The bread and butter of Cahill’s work is about ‘foraging,’ and he has studied 100 different plant species to see how they seek out nutrients. What he found is that individual plants make decisions on where to put their roots, and that’s where they can get the most nourishment.
“This is the norm of plants — that they make decisions on root growth if they live in a patchy environment,” he said.
The only homogenous soils in the world are ones that are tilled, so no-till fields and ones utilizing cover crops are more similar to natural environments. If plants find a high-quality patch of nutrients, they will stop extending their root systems.
This has significant implications when it comes to applying fertilizer.
“They’re making these very complicated decisions that you would never measure by just pulling up plants and looking at which roots are there,” he said. “These are about timing, not about the total amount.”
Plants also share another common trait with humans and animals — they have trouble making good decisions when stressed.
In one experiment, Cahill and other researchers spiked soil with white particles and used algorithms to follow soil movement rather than root movement, tracking small movements of rocks within the soil. This allowed them to measure root growth over a matter of hours.
“When we clipped them, they kept growing roots, but for the first 100 hours, their growth was random,” said Cahill.
But around the 120-hour mark, they effectively started behaving rationally again and focused root development on where the biggest concentration of nutrients were.
“This is crazy. This is exactly what you see in human psychology experiments when an external stressor stops rational decision-making,” he said.
This suggests that the reaction of plants might change when stressed, including how much fertilizer they utilize when put down during a stressful time.
Most plants have a shade avoidance response, and get tall and thin in a bid to rise taller than their neighbours. Below ground, plants also compete.
In Cahill’s lab, he chose 20 species and put them in a fight with other plants to see where they grew their roots. Some plants grew roots toward their neighbours, while others grew away. Every plant did something different.
Again, this has implications for farmers.
“If you have two plants of the same species, if they grow their roots to maximize combat, you’re having crop fight crop,” he said. “That’s not good for yield.
“But if they run away from like plants, you’re minimizing the amount of fighting in what you’re going to harvest. That’s good for yield.”
Conversely, when crops are attracted to the roots of other species, that results in weed suppression, he said.
Cahill predicted this sort of research will have a huge impact on farms in 20 years — although scientists will have to know much more about the behaviour of individual plant species before they can make specific recommendations.
Another promising area is family relationships.

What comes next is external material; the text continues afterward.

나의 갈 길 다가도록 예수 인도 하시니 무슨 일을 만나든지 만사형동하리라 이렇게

And even though plants have no brain, no nervous system and no visual recognition, they can recognize kin. Plants increase their root growth and competition with neighbours when they are unrelated. Plants also protect kin and attack strangers.

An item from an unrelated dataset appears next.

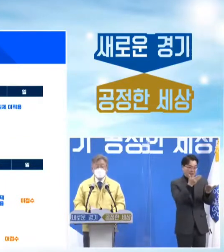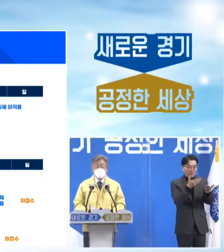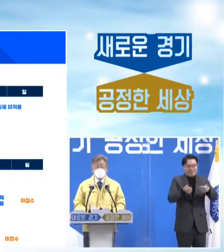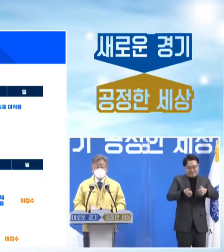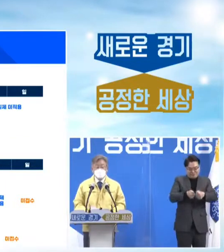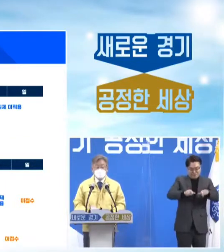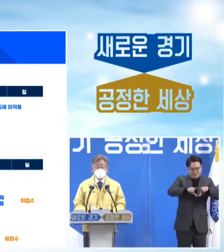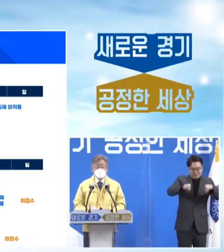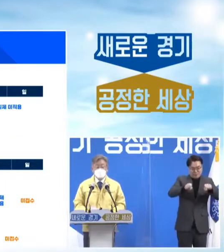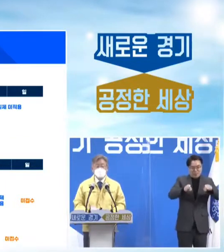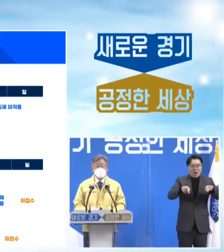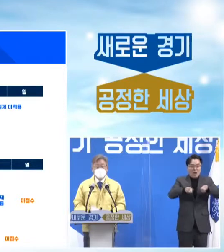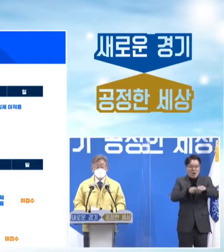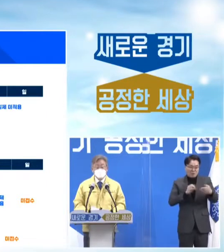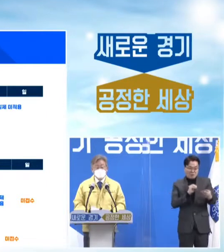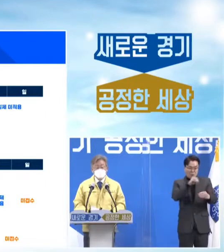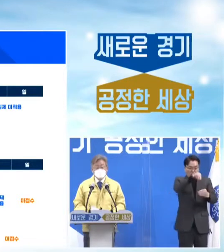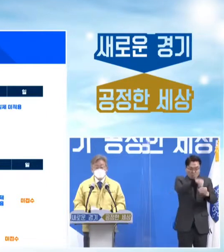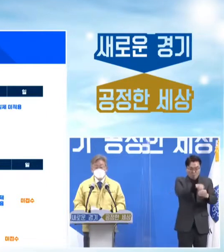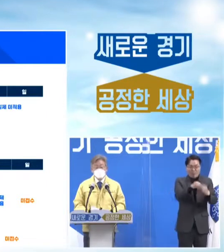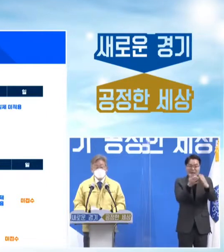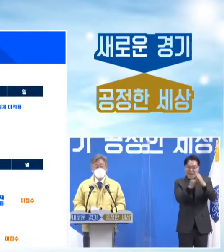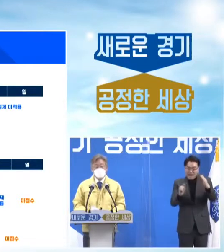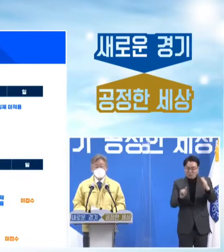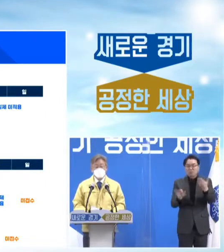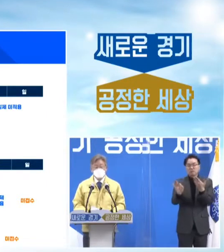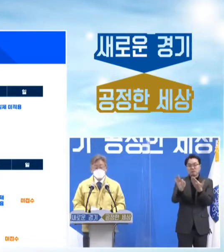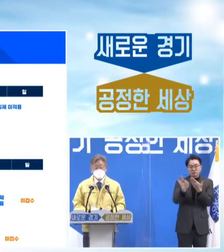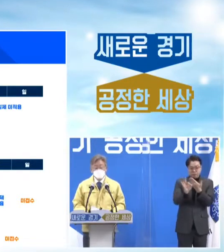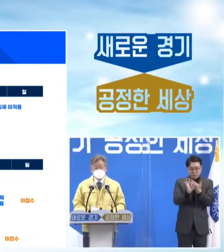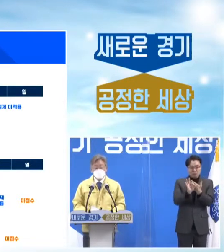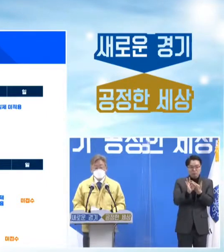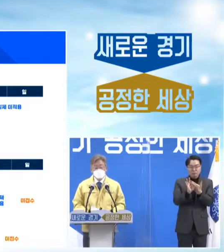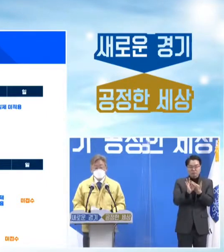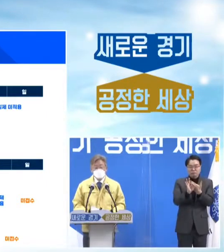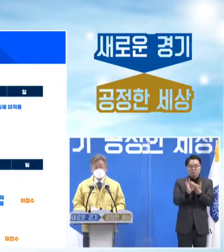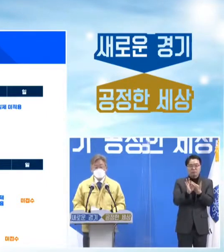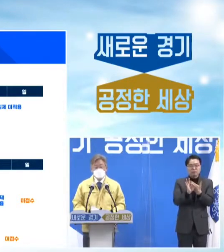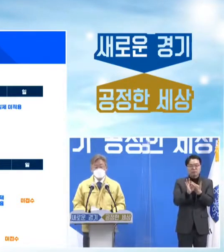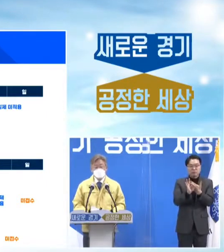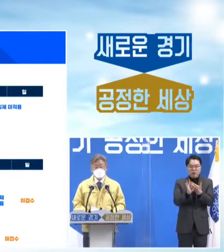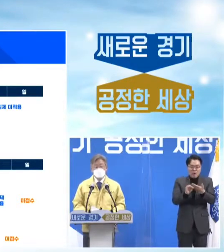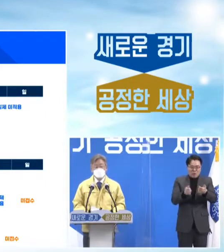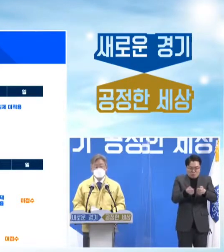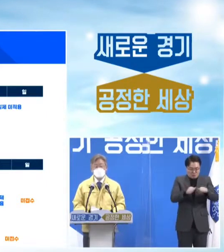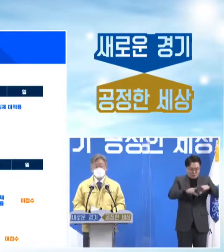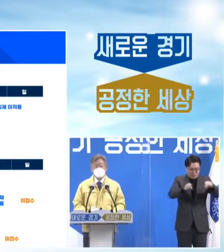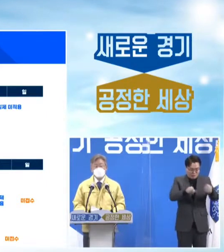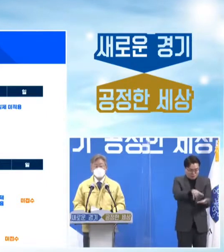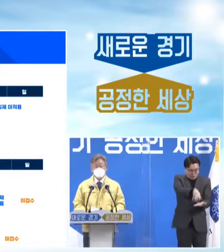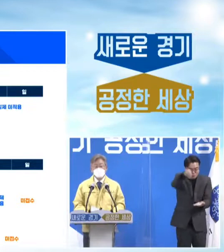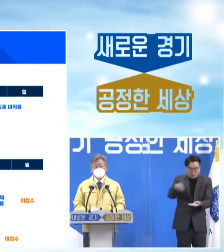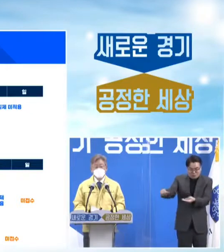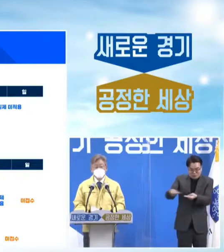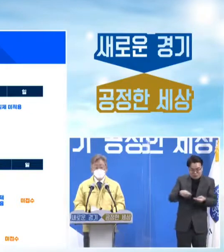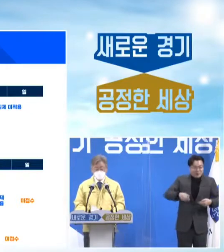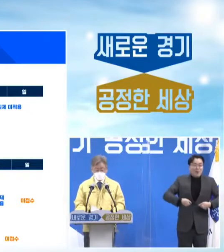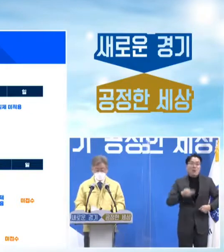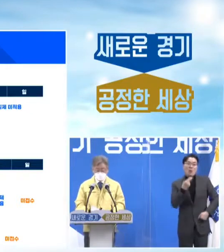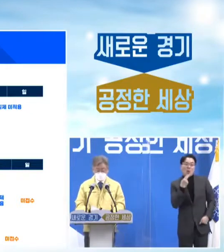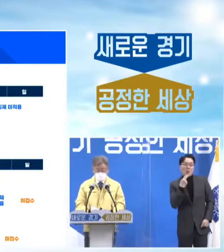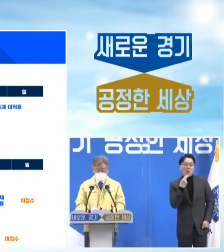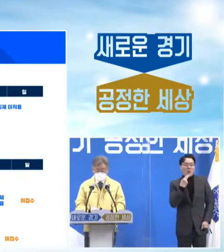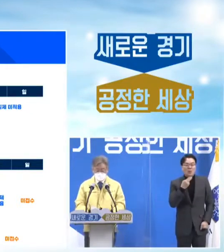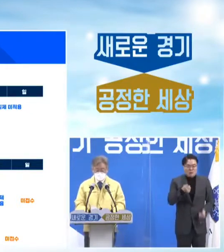주민등록이 같이 되어 있다면 주민등록증 떼오지 않으셔도 됩니다. 주민자치사한테 다 준비되어 있기 때문에 전산으로

“When there’s a stranger — a weed — we want them to fight hard for weed suppression,” said Cahill. “If we can harness this into a new generation of crop by having our breeders focus not just on height and the other things, but focus on the ability to detect kin, that’s huge.”
Fostering this ability in a crop would reduce the need for herbicides while another, equally intriguing area of research, could do the same for insect control.
Plants emit chemicals and researchers, including Cahill’s team, are looking at ones they emit when under attack. These chemical ‘odours’ lure natural predators of the bugs nibbling on their leaves or stems, and can even trigger a similar reaction in neighbouring plants that aren’t yet under attack, effectively warning them that enemies are nearby.
These sorts of behaviour form a plant ‘language’ and now scientists are taking it further. Current research is showing the language that plants are using is heritable, and even that local dialects are passed from parent plants to their offspring. Different families of plants use slightly different language, and individuals respond more to their own dialect.